### Goal of the exercise
The full set of entries is to be printed exactly, with pictures excluded.

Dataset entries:
——

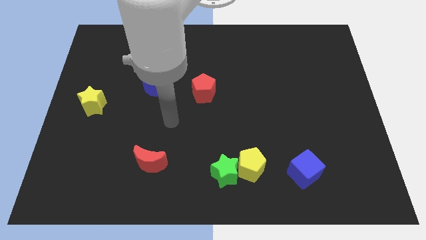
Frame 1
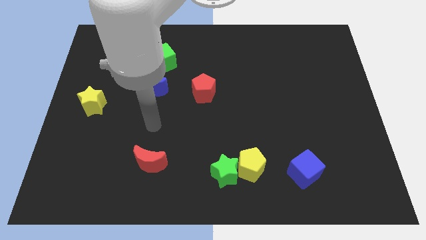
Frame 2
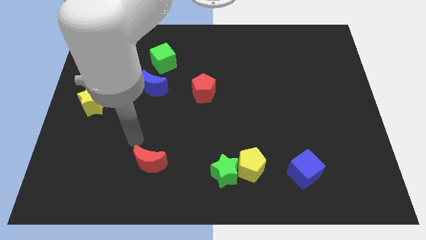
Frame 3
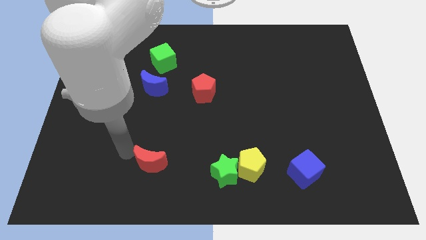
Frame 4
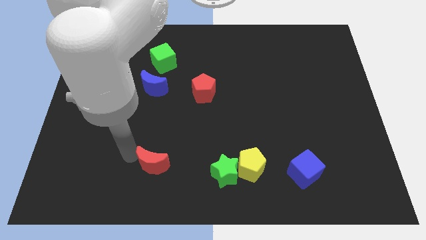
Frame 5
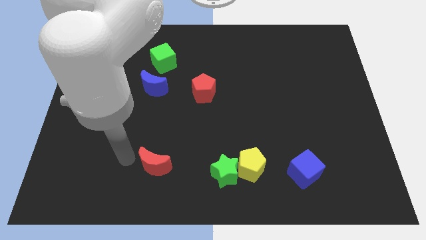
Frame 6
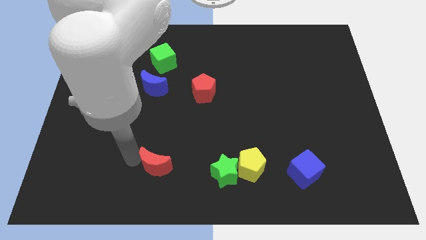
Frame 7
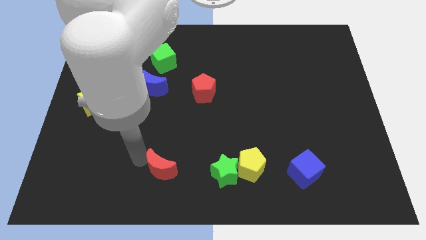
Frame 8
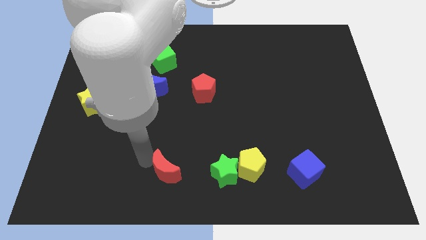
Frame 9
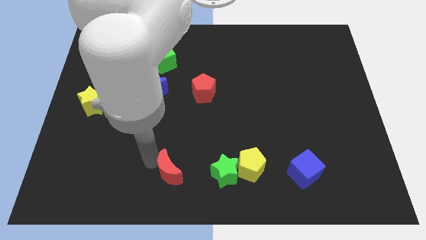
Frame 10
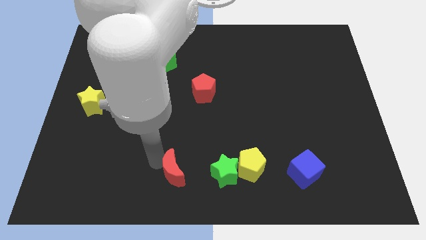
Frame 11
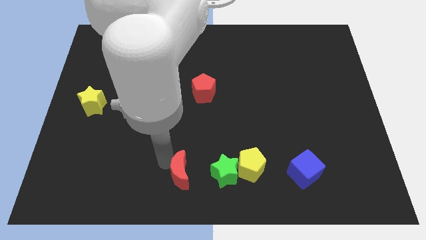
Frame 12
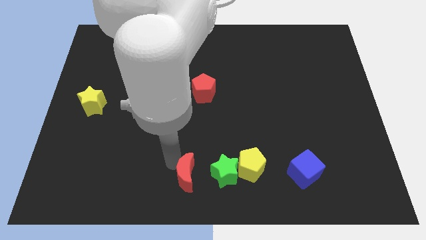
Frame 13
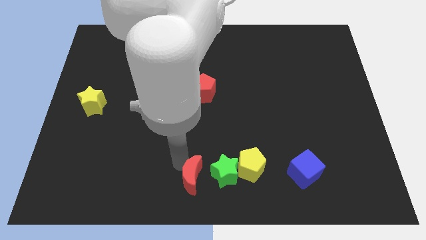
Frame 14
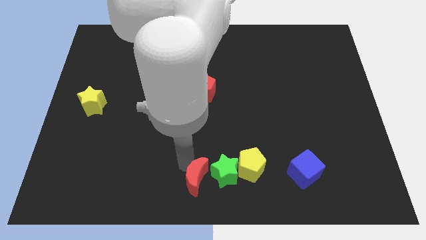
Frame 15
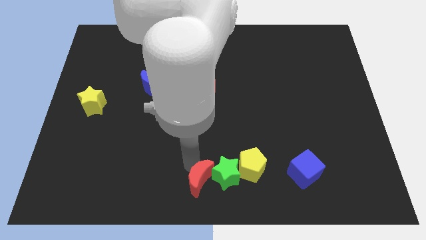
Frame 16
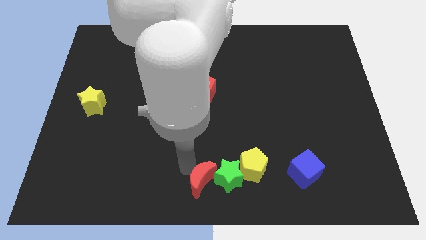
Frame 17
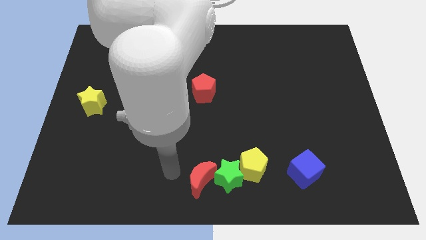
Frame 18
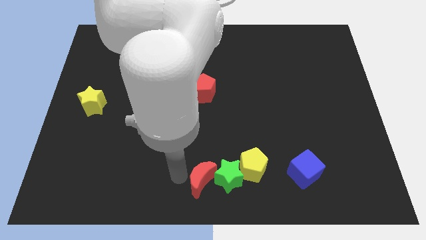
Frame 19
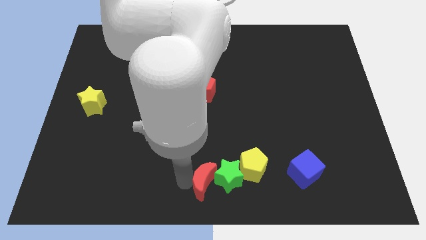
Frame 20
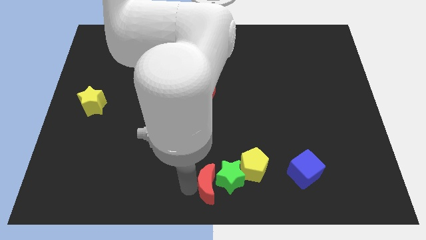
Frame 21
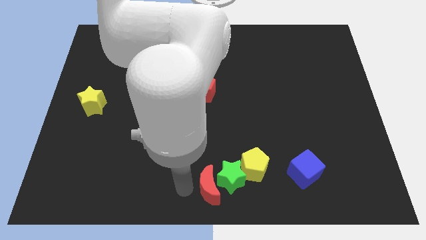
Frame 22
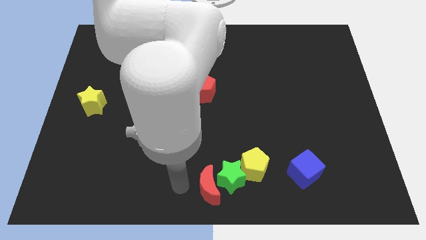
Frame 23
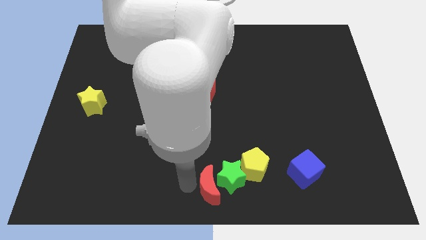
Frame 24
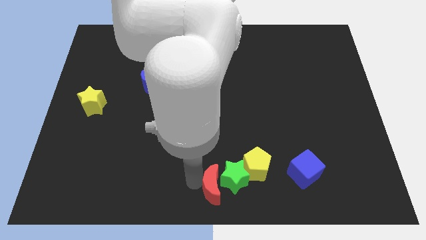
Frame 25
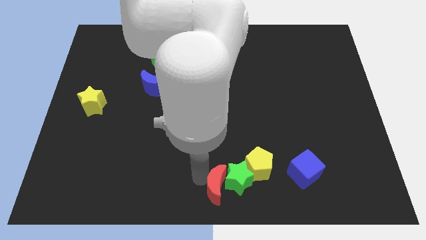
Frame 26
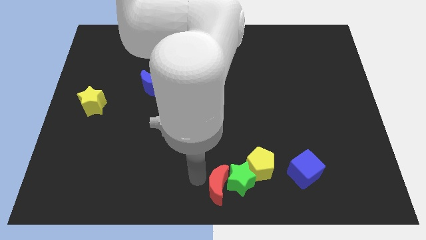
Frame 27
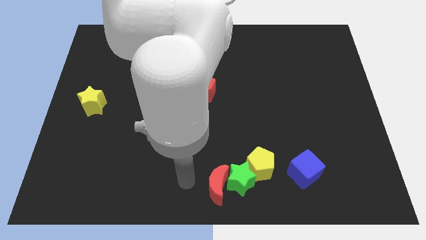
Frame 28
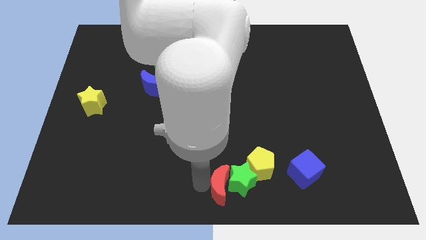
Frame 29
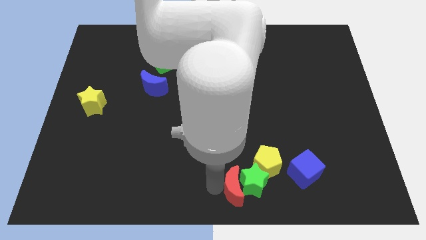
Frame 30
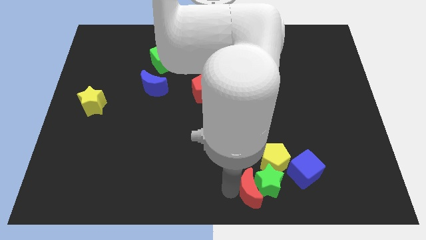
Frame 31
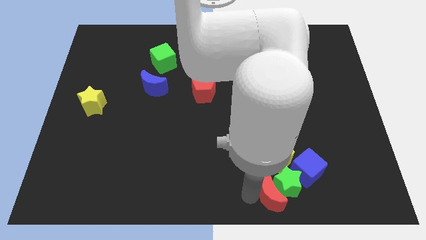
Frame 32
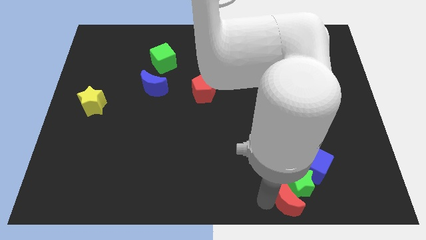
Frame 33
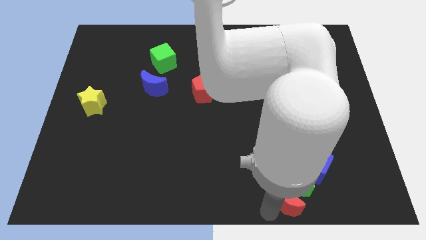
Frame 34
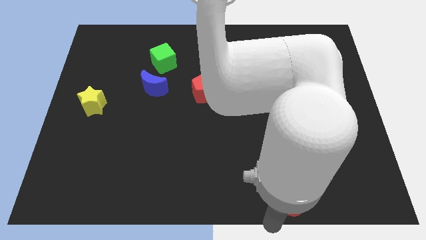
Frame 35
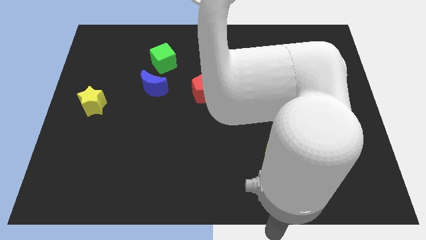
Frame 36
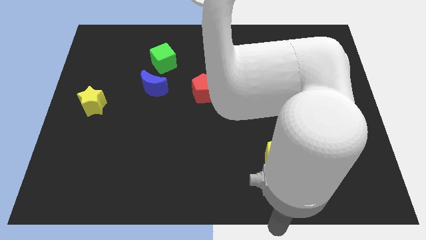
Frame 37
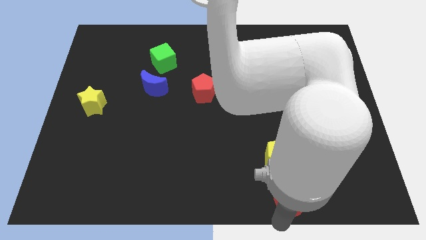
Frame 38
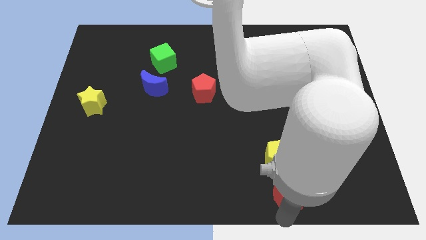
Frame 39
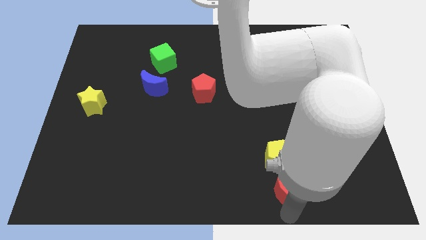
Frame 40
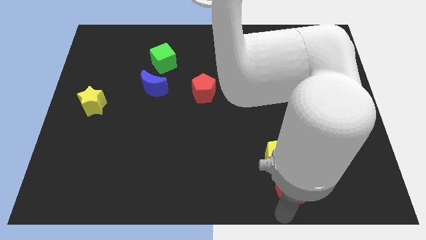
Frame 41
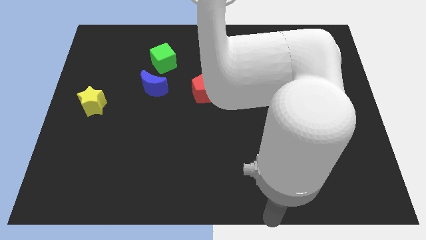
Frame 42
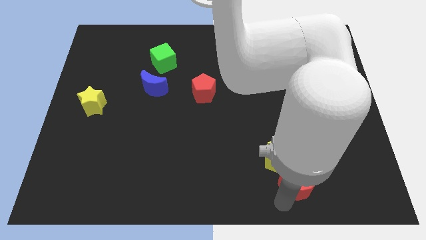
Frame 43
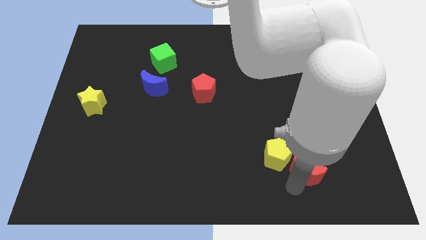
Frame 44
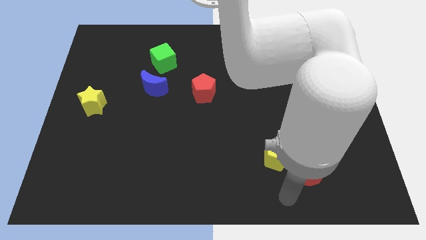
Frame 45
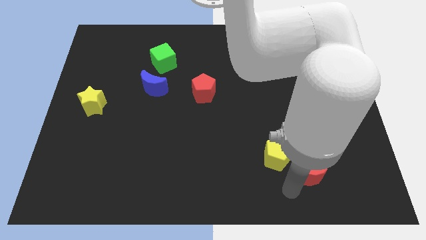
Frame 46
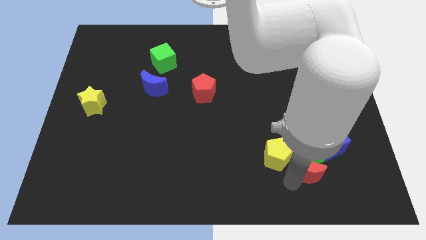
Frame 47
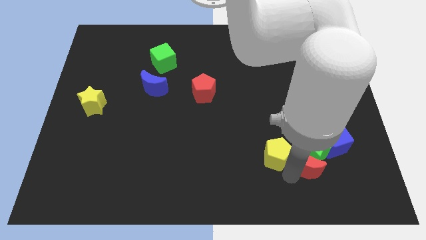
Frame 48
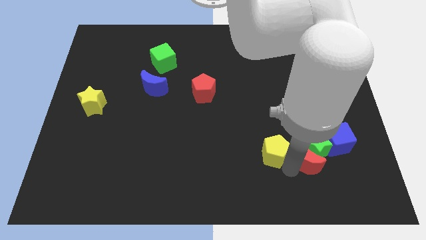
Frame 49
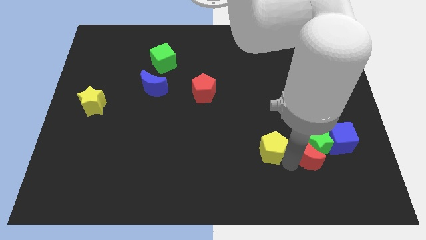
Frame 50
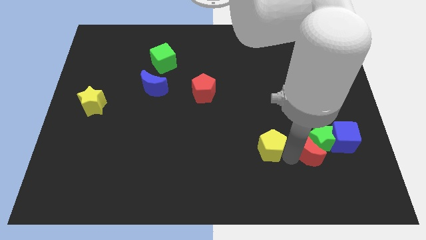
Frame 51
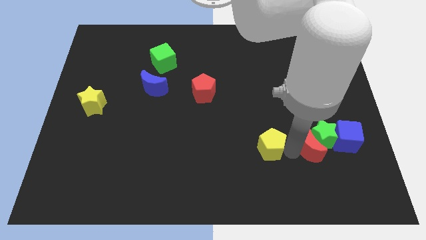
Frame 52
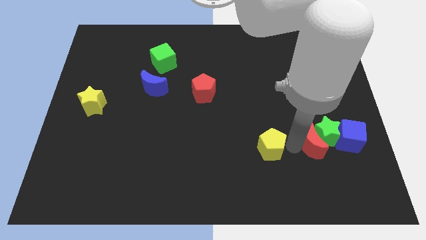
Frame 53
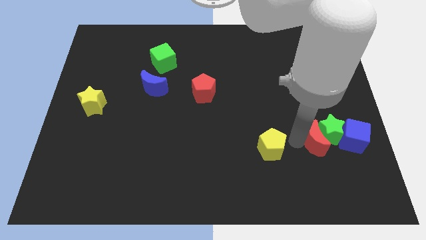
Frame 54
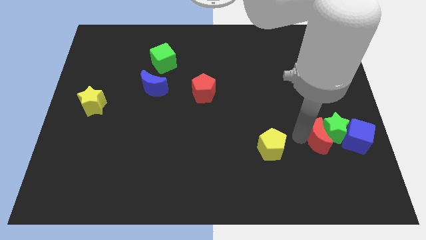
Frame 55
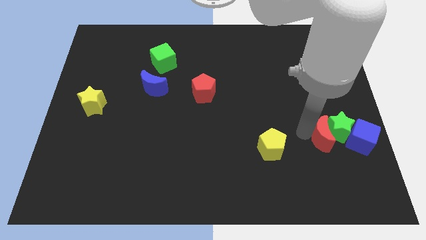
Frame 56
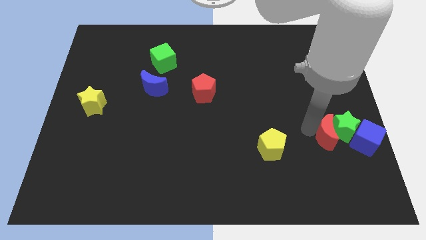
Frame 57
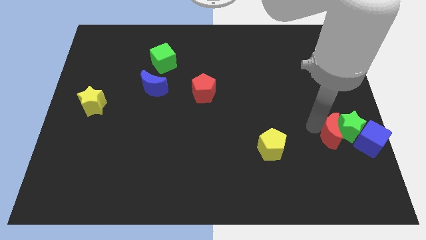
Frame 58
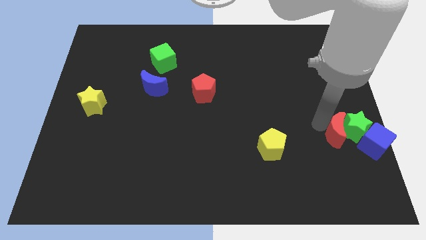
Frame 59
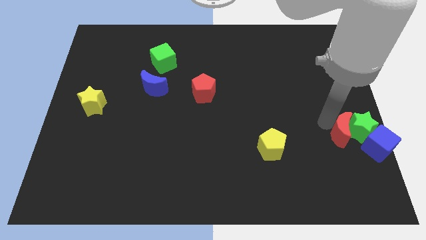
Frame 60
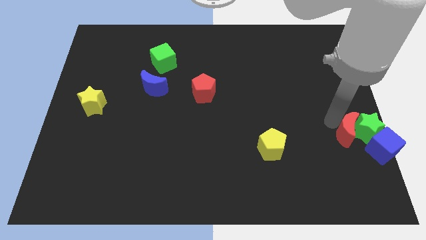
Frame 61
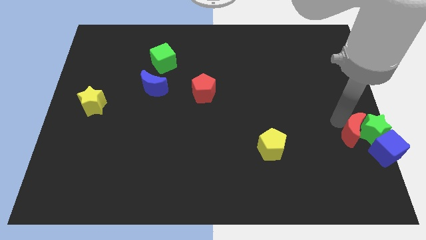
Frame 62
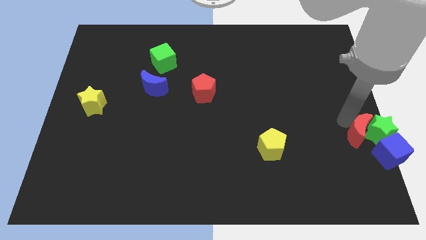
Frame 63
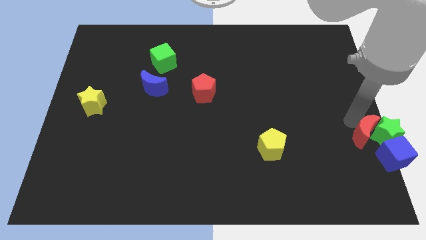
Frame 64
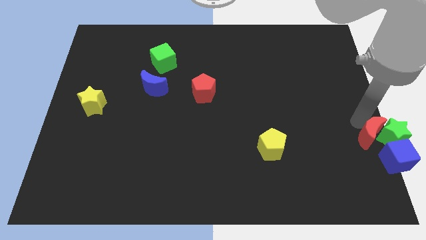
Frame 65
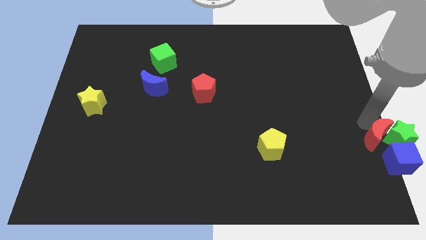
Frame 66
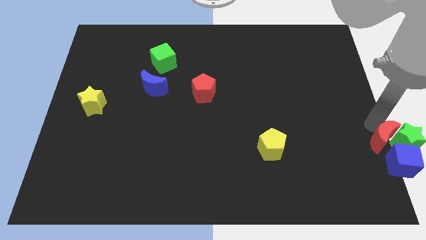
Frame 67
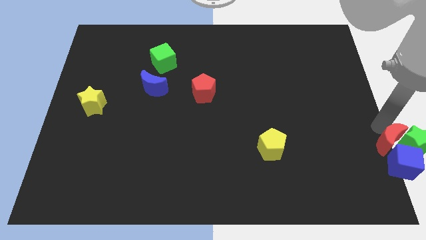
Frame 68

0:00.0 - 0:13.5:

——

### Finished exercise
Frame 1
Frame 2
Frame 3
Frame 4
Frame 5
Frame 6
Frame 7
Frame 8
Frame 9
Frame 10
Frame 11
Frame 12
Frame 13
Frame 14
Frame 15
Frame 16
Frame 17
Frame 18
Frame 19
Frame 20
Frame 21
Frame 22
Frame 23
Frame 24
Frame 25
Frame 26
Frame 27
Frame 28
Frame 29
Frame 30
Frame 31
Frame 32
Frame 33
Frame 34
Frame 35
Frame 36
Frame 37
Frame 38
Frame 39
Frame 40
Frame 41
Frame 42
Frame 43
Frame 44
Frame 45
Frame 46
Frame 47
Frame 48
Frame 49
Frame 50
Frame 51
Frame 52
Frame 53
Frame 54
Frame 55
Frame 56
Frame 57
Frame 58
Frame 59
Frame 60
Frame 61
Frame 62
Frame 63
Frame 64
Frame 65
Frame 66
Frame 67
Frame 68

0:00.0 - 0:13.5:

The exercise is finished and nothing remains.